Powershift: Knowledge, Wealth, and Violence at the Edge of the 21st Century
- Author: Alvin Toffler
- Language: English
- Subjects: Futurology, power politics
- Publisher: Bantam Books
- Publication date: 1990
- Publication place: United States
- Media type: Print (Hardcover)
- Pages: 585
- ISBN: 0-553-05776-6
- Preceded by: The Third Wave

= Powershift (book) =

Book by Alvin Toffler

Powershift: Knowledge, Wealth and Violence at the Edge of the 21st Century is the third book in a trilogy written by the futurist Alvin Toffler, following Future Shock (1970) and The Third Wave (1980). The hardcover first edition was published October 1, 1990.

==The Trinity of Power==
The combination of knowledge, wealth and force is described by Toffler as providing individuals or other entities power. Knowledge is the most powerful form of power, considering we are now living in a Knowledge-based civilization. Wealth is another form of power, and is flexible in nature, since it can be used as punishment (like a stick) or reward (as a carrot). Finally force, in lay terms violence, is noted as another element of power. It isn't as flexible as the other elements of power, since you can't exactly "take back" shooting someone or punching them in the face. However, the psychological capability that you have force available, like a cowboy or police man with a gun in his holster is often all it takes to ensure compliance.

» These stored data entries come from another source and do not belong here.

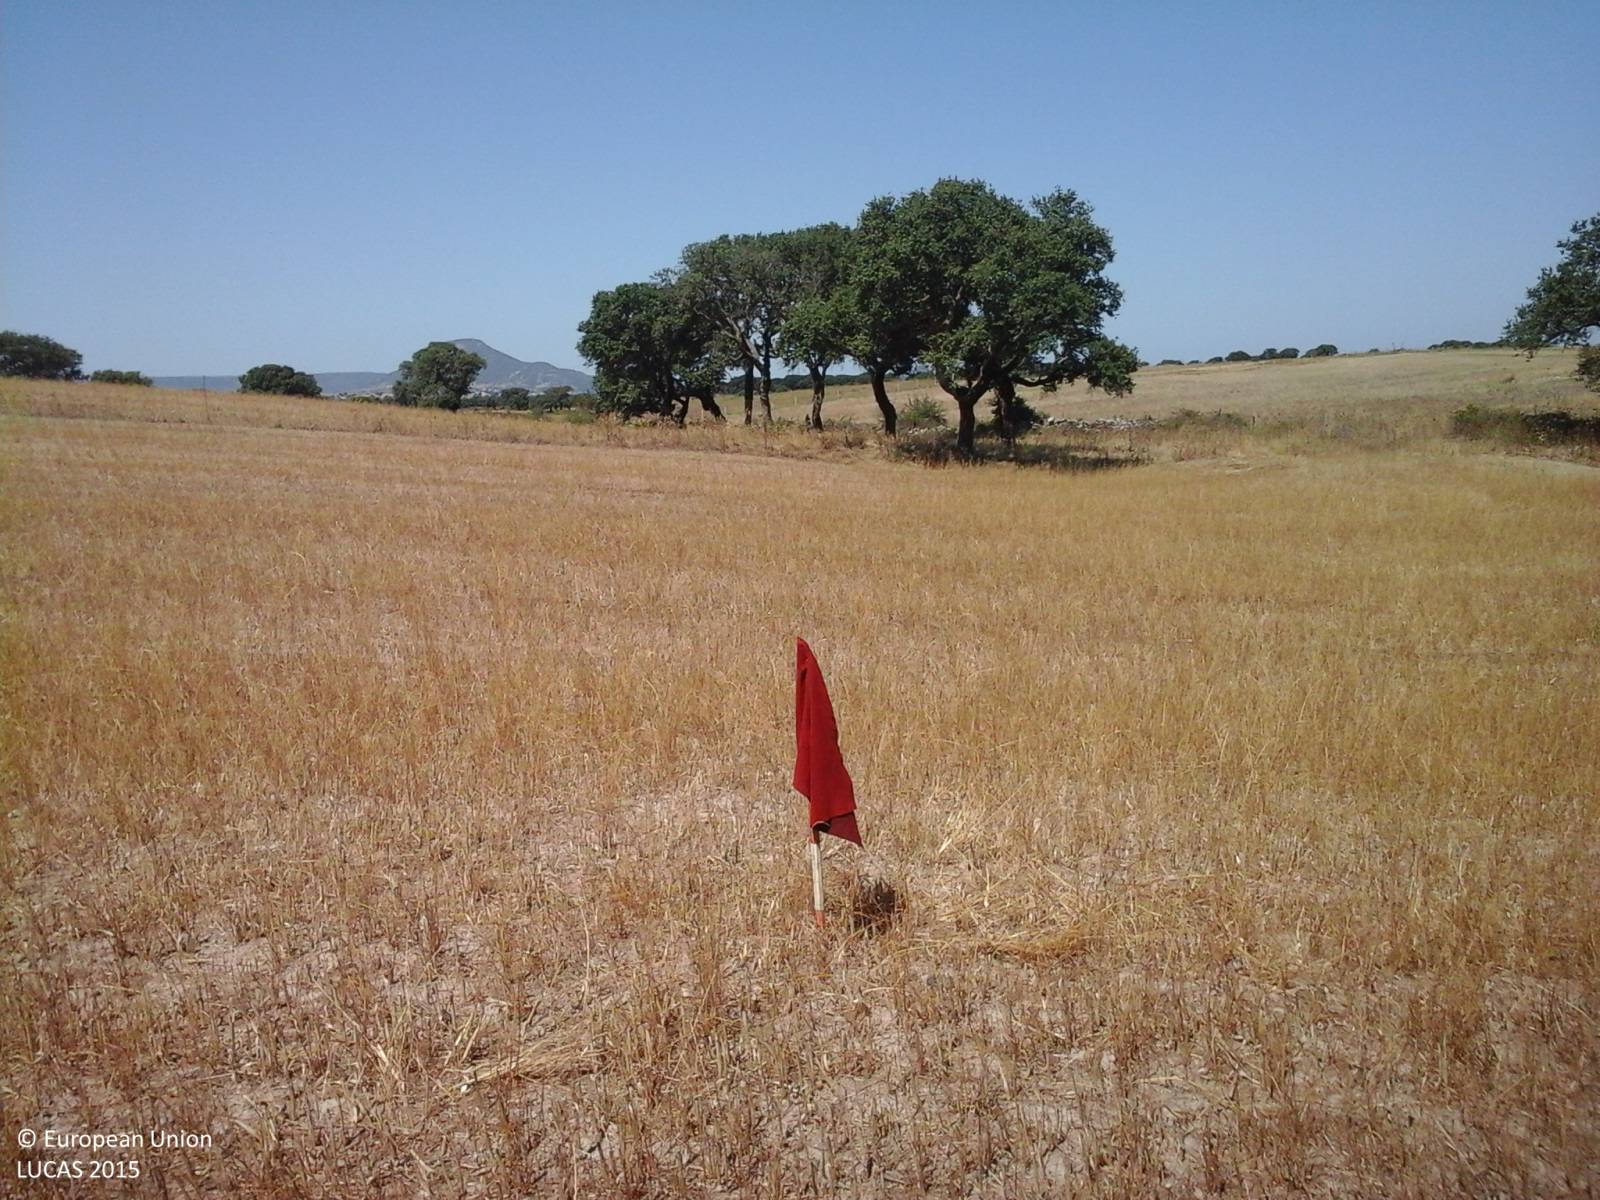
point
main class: Cropland
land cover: Oats
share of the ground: < 10 %
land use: Agriculture (excluding fallow land and kitchen gardens)
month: July
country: IT
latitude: 40.5871
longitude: 8.9066

==Transformation of Elements of Power==
Toffler emphasizes that any of the elements of power can be transformed from one to another such that the individual has the Trinity no matter where they started from. For example, force, like a gun/knife (or silent threat of a gun/knife) can be used to obtain Knowledge (information) or Wealth (money). Wealth can be used to obtain Force, like hiring a hit man or buying poison. Wealth can be used to obtain knowledge, like bribing or buying a book. But ultimately, knowledge is emphasized as the most effective (efficient) way to start off. Through knowledge, like the knowledge in this article or other sources on the internet, methods can be found to obtain Force (ex. connections to the "under world") and Wealth (ex. stock tips). A Wealth of Knowledge is now available on the internet and at the disposal of the user through the finger tips. In particular, information related to cybernetics, the modern word for things like casting voodoo spells is freely found on YouTube and other sources. Cybernetics also relates to other fields like numerology and symbology which are powerful tools for obtaining Force and Wealth. Considering Toffler refers to our civilization and economy based upon symbology, or a "symbolic economy", then this is indeed powerful for any individual.

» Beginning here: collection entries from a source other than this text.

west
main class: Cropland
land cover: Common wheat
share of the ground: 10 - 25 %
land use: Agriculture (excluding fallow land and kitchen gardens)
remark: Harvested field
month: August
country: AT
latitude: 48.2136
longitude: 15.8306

==The Power of Knowledge==
Toffler emphasizes that of the trinity of power, the use of wealth and force is available to the elite, however, knowledge is something available to even the non-elite. What's interesting about Knowledge is that it can be generated infinitely as we all try to reach an understanding of "The Truth" if there is one. In Toffler's words, "Knowledge is the most democratic source of Power".